The plaintiffs state that actions involving the same parties and arising out of the same transactions are pending in the circuit court for Milwaukee county and that such actions were filed prior to the commencement of the present ones. They contend that the instant actions were filed to enable them to make the specific assertion that the defendants failed to comply with certain provisions of the Wisconsin securities law, an allegation “inadvertently omitted” from the pleadings in the initial actions.

The plaintiffs argue that the present actions are “supplementary” ones and have no independent existence for removal purposes since they are “continuations of,” or were commenced “to add another element to,” the previously-filed state court actions. They assert that it is likely that all the actions will be consolidated if the present cases are remanded to the state court, and they argue that retention by this court of the cases now before it will result in “fractionalization” of the lawsuits, inconvenience to the parties, and added expense.

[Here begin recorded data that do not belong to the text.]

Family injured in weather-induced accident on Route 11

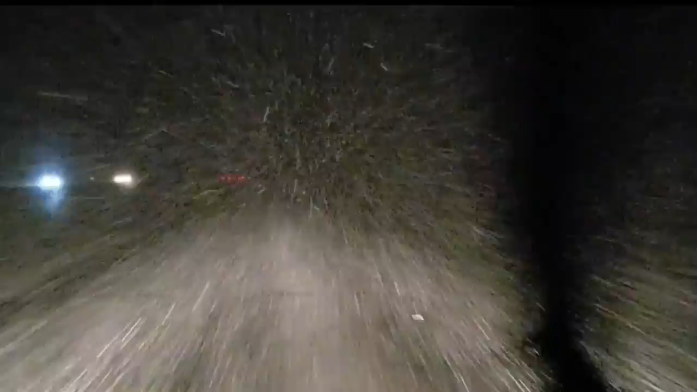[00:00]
Well, the snow has let up, but earlier tonight, weather conditions in Trumbull County looked a lot like this. We are headed south on Route 11 between Route 82 and Tibbetswick Road.
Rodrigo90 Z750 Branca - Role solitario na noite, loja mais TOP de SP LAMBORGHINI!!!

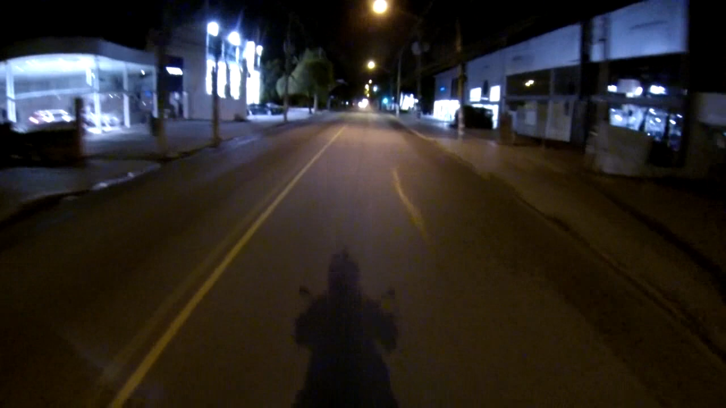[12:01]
Quem tava ali era o Klaus. Parecia, gordinho. Paixão. Eita, poxa bonita porra. Vamos parar aqui e fazer o retorno. Olha só essa loja aqui.
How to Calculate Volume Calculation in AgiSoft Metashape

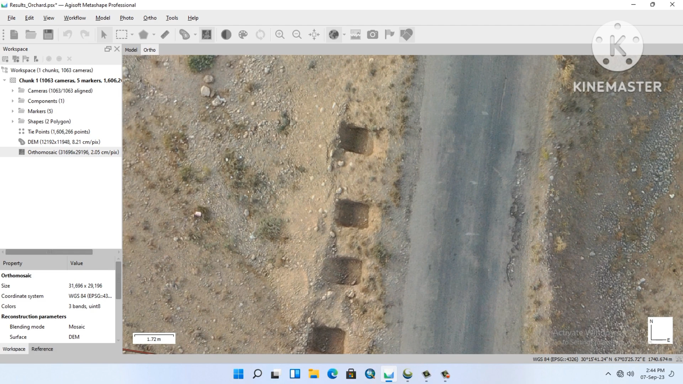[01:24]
here is value is altitude is 740.6 so we will calculate from this it's our reference
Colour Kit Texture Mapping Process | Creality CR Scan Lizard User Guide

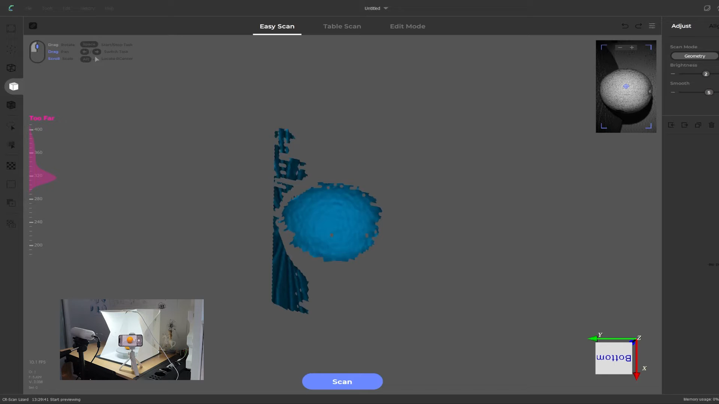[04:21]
PhotoCapture only works in the table scan mode in texture mode so click on the table scan
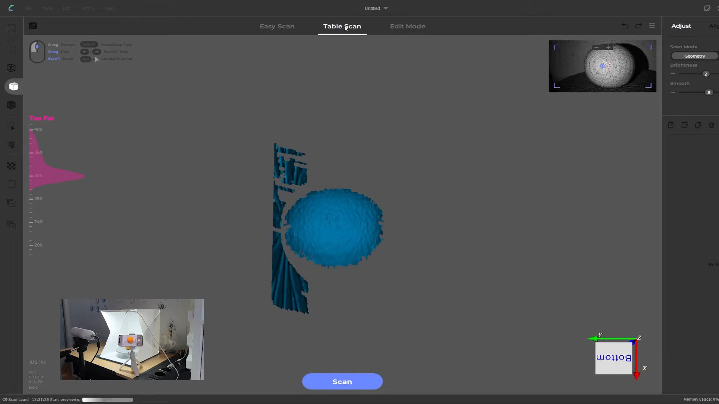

The plaintiffs also state in their briefs that commencement of separate actions, instead of amendment of the complaints in the original state court actions, was necessitated in part by the fact that an appeal has been taken from a decision with regard to jurisdiction in two of the state cases; the state court no longer has jurisdiction to hear a motion to amend, the plaintiffs argue, and the running of the statute of limitations precluded delay until after the resolution *399 of the appeal. Finally, the plaintiffs in case 71-C-476 declare that the requisite jurisdictional amount is lacking.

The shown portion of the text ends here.